Analysts Revise JNJ Price Targets Following Positive Q3 Results

Analysts Adjust Price Targets for Johnson & Johnson
Johnson & Johnson (NYSE: JNJ) reported impressive third-quarter earnings that surpassed expectations, prompting several analysts to reassess their price targets for the stock. The company's adjusted earnings came in at an impressive $2.80 per share, reflecting a year-over-year growth of 15.7%, which beat the consensus estimate of $2.75. This strong performance indicates the ongoing strength and resilience of the healthcare giant.
Strong Sales and Operational Performance
Johnson & Johnson achieved sales of $23.99 billion in the third quarter, marking a 6.8% increase compared to the same period last year. The operational growth was noted at 5.4%, which further underscores the effectiveness of the company’s strategies and product portfolio. Adjusted operational growth also showed a robust figure of 4.4%, indicating the company’s strong operational efficiency.
Fiscal Year Guidance Affirms Stability
Looking ahead, Johnson & Johnson affirmed its adjusted earnings guidance for the fiscal year 2025, projecting earnings between $10.80 and $10.90 per share, aligning closely with the consensus of $10.87. Additionally, the company has revised its sales guidance upward, now expected to fall between $93.5 billion and $93.9 billion, compared to an earlier forecast between $93.2 billion and $93.6 billion against a consensus of $93.44 billion.
Strategic Business Separation
A significant announcement from Johnson & Johnson was the decision to separate its Orthopedics business. This strategic move is intended to enhance operational focus and foster growth within its core sectors. By spinning off this division, Johnson & Johnson aims to concentrate on its pharmaceutical and medical device segments, which are seen as key drivers of future growth.
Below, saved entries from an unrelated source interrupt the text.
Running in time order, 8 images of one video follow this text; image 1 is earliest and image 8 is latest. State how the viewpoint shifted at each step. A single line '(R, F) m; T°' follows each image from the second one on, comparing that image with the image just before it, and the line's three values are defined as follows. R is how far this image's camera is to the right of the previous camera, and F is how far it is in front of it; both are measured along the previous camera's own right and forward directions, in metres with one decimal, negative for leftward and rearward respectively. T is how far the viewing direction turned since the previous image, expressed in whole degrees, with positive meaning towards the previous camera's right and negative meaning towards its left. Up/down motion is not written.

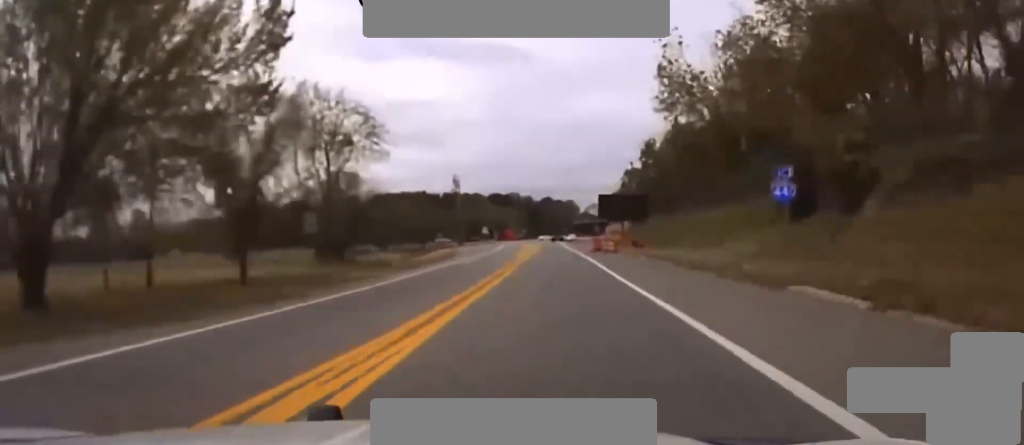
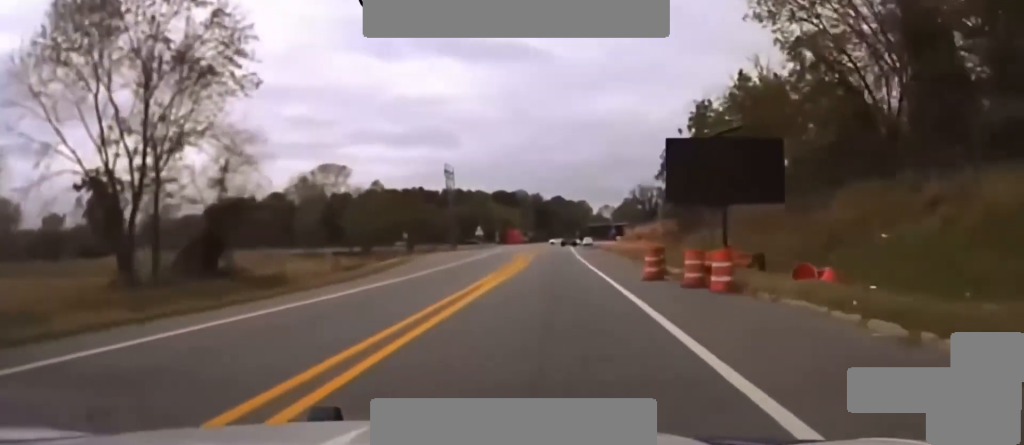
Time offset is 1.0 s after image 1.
(-0.3, +35.6) m; -1°
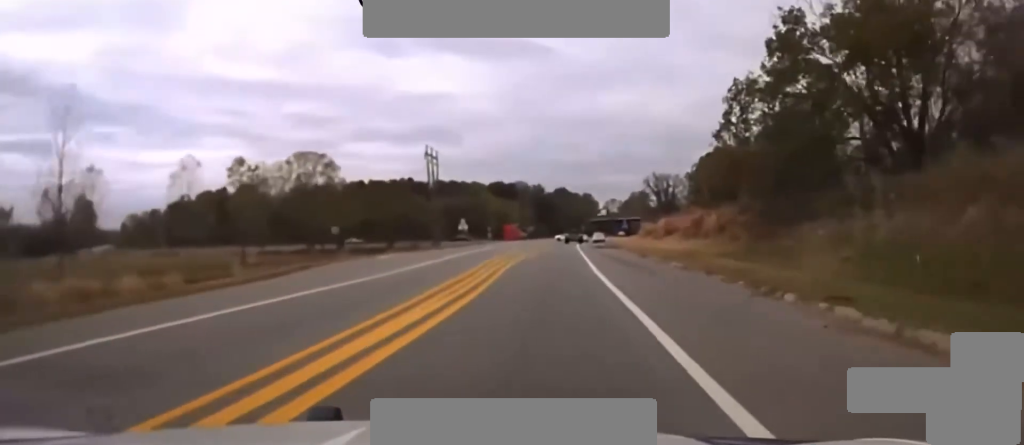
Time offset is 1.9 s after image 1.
(-0.3, +31.1) m; 0°
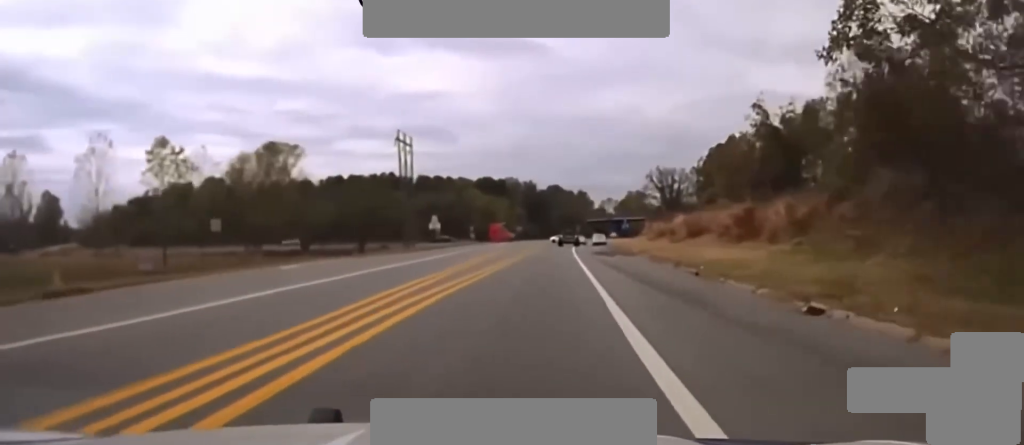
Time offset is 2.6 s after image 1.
(+0.2, +22.8) m; +1°
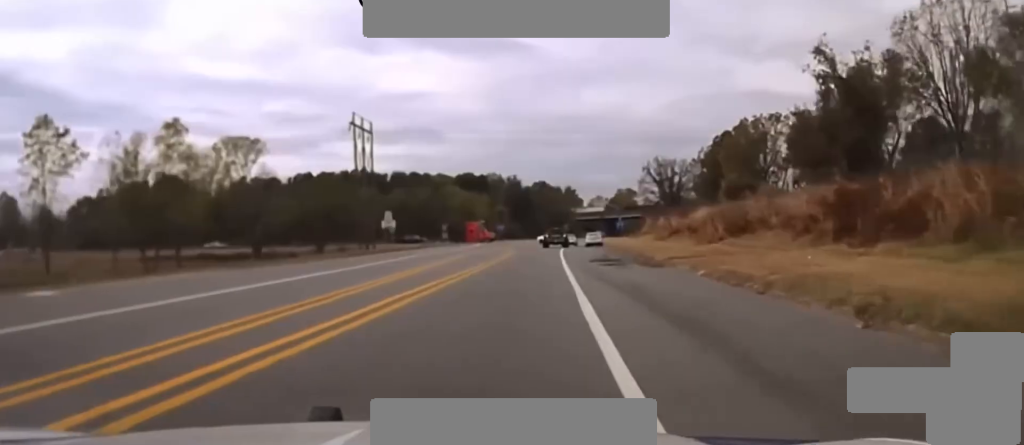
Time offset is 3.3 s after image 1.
(+0.2, +21.9) m; +1°
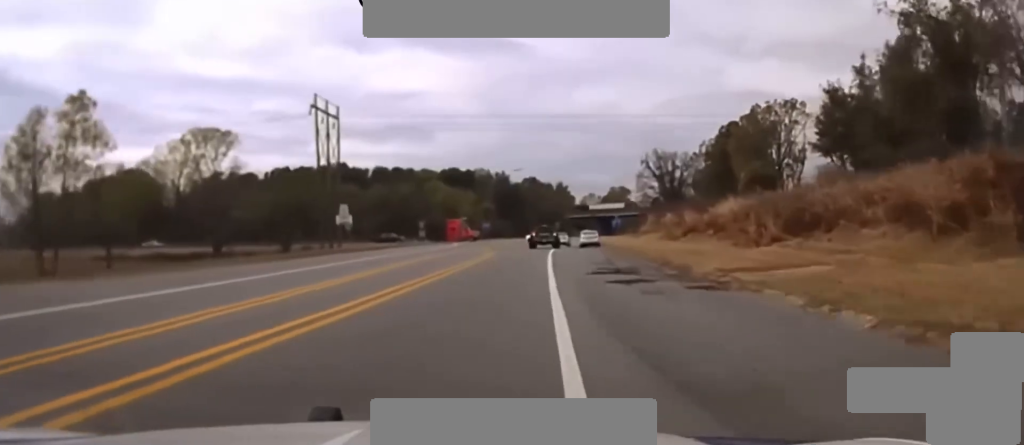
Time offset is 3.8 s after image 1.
(+0.1, +15.0) m; 0°
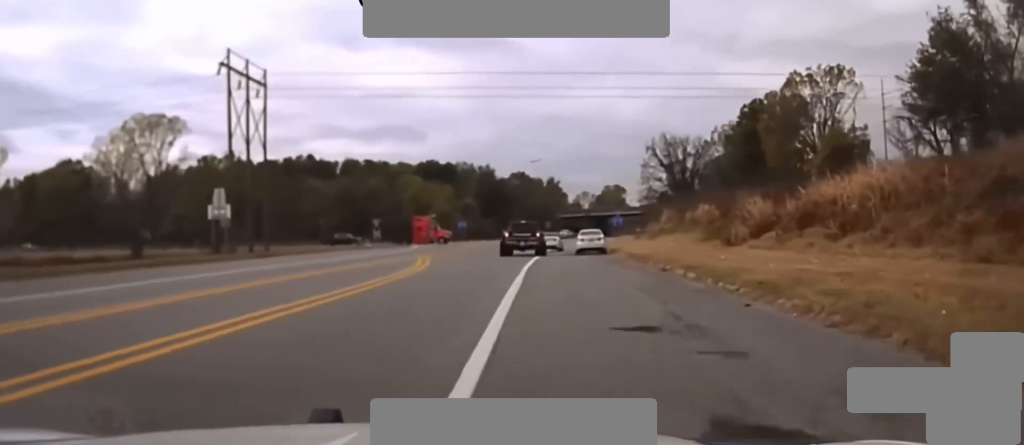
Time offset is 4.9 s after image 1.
(+0.2, +26.6) m; 0°
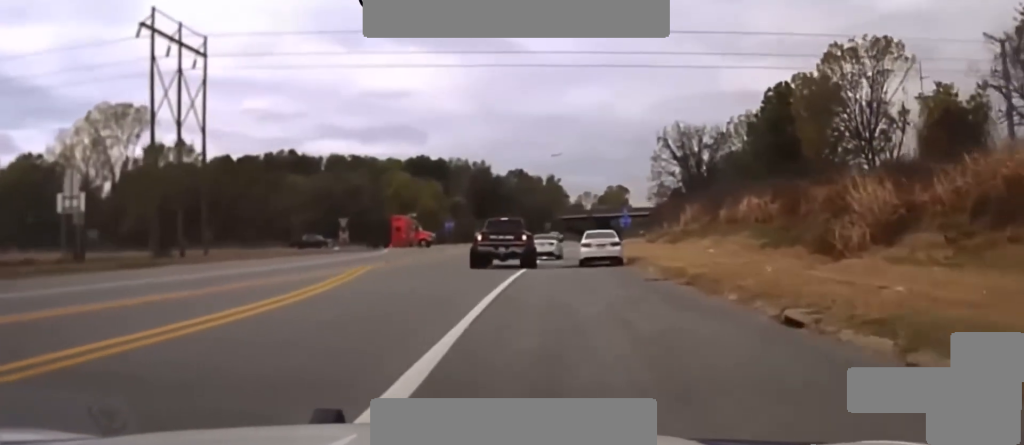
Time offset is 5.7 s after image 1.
(-0.2, +17.3) m; 0°

Market Reaction to Earnings Report
Despite the positive earnings report, Johnson & Johnson shares experienced a slight decline of 0.2%, closing at $190.48. This minor dip does not overshadow the strong financial results and the positive outlook presented to investors.
Analyst Consensus and Adjustments
In response to the favorable third-quarter results, several analysts have modified their price targets for Johnson & Johnson:
- B of A Securities analyst Tim Anderson maintained a Neutral rating and raised the price target from $198 to $204.
- Morgan Stanley analyst Terence Flynn upheld an Equal-Weight rating, increasing the price target from $178 to $190.
- Raymond James analyst Jayson Bedford gave an Outperform rating and increased the price target from $174 to $209.
- Stifel analyst Rick Wise kept a Hold rating, raising the target from $165 to $190.
- Citigroup analyst Joanne Wuensch maintained a Buy rating, lifting the price target from $213 to $215.
Looking Ahead for Johnson & Johnson
Considering the recent trends and the revisions from various financial institutions, Johnson & Johnson appears well-poised for continued growth. Investing in JNJ stock might be appealing to many considering its recent performance and the optimism surrounding its future prospects.
Analysts’ Perspectives
As analysts weigh in on the market dynamics and Johnson & Johnson's strategies, it becomes clear that the company is adapting to challenges while fostering growth. The separation of its Orthopedics business could lead to innovative solutions and renewed focus on emerging markets and technologies in healthcare.
Frequently Asked Questions
What were Johnson & Johnson's Q3 earnings per share?
Johnson & Johnson reported adjusted earnings of $2.80 per share for the third quarter.
How much did Johnson & Johnson's sales increase in Q3?
The company's sales increased by 6.8% year over year, totaling $23.99 billion.
What is Johnson & Johnson's guidance for fiscal year 2025?
The company affirmed guidance of adjusted earnings between $10.80 and $10.90 per share for fiscal year 2025.
Which analysts raised their price targets for Johnson & Johnson?
Analysts from B of A, Morgan Stanley, Raymond James, Stifel, and Citigroup have all adjusted their price targets following the earnings report.
What strategic move is Johnson & Johnson planning?
The company plans to separate its Orthopedics business to enhance operational focus and growth in its core areas.